### Records provided

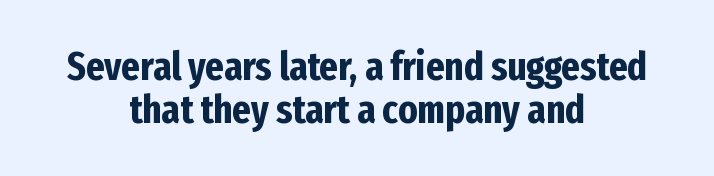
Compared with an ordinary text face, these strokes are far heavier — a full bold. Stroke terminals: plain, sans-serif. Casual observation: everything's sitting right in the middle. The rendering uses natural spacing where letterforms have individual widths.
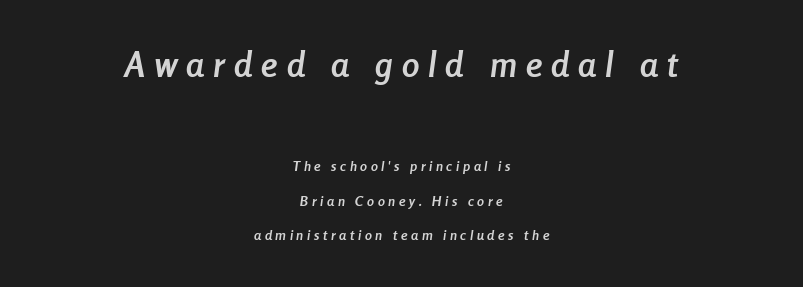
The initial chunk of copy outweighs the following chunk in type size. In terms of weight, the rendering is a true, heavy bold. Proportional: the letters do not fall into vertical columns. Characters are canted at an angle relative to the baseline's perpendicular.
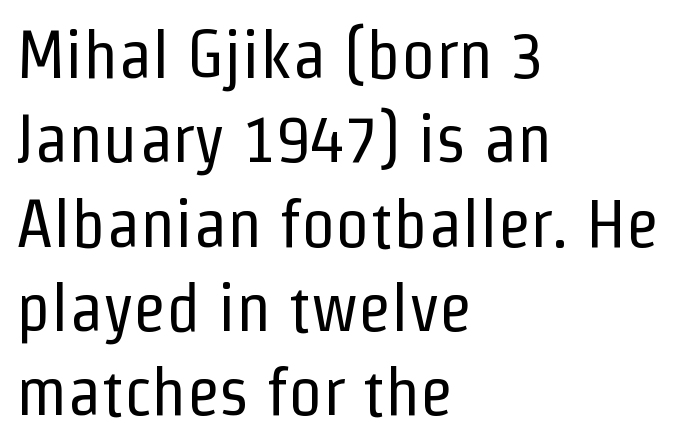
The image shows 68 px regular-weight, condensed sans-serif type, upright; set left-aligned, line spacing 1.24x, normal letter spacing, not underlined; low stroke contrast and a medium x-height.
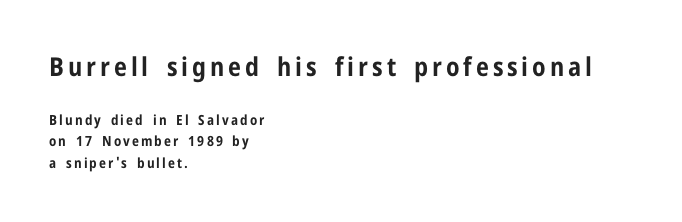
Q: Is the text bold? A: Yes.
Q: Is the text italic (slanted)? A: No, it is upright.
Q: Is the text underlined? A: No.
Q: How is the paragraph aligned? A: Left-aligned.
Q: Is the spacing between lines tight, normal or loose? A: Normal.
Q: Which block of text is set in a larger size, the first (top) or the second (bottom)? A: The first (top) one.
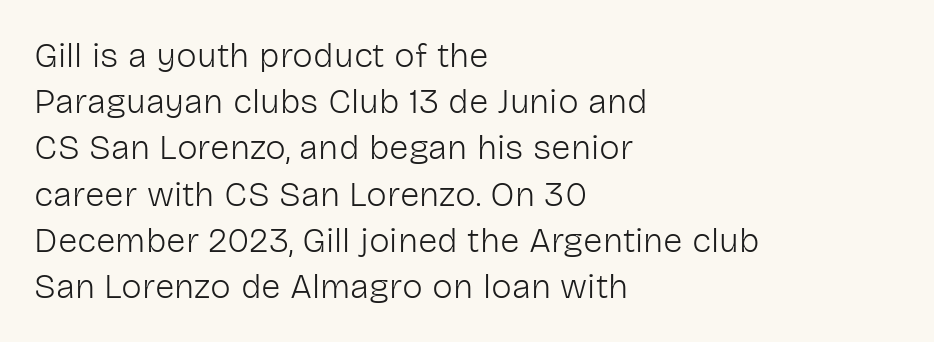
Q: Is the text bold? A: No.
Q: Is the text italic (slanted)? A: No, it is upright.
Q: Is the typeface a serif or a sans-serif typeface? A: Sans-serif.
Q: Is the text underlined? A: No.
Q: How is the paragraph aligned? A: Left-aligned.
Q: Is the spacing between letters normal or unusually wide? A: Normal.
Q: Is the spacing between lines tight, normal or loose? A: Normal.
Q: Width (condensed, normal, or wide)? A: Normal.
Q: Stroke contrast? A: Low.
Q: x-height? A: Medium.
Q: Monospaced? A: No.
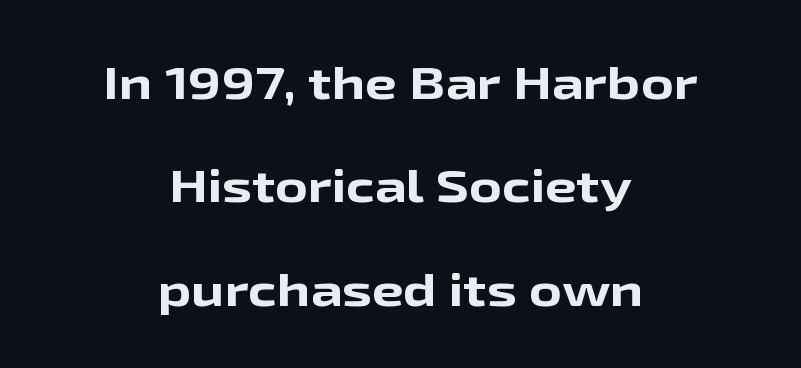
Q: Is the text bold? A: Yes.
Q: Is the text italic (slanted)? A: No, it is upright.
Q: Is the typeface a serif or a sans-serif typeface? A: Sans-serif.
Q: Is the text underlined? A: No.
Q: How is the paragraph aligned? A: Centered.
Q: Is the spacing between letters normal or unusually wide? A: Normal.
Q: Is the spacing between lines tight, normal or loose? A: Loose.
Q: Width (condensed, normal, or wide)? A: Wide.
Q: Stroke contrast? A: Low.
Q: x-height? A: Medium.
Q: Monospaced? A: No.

######

- Work task
Your answer should consist of each line above in which "wide" appears.

- Written response
Q: Is the spacing between letters normal or unusually wide? A: Normal.
Q: Width (condensed, normal, or wide)? A: Normal.
Q: Is the spacing between letters normal or unusually wide? A: Normal.
Q: Width (condensed, normal, or wide)? A: Wide.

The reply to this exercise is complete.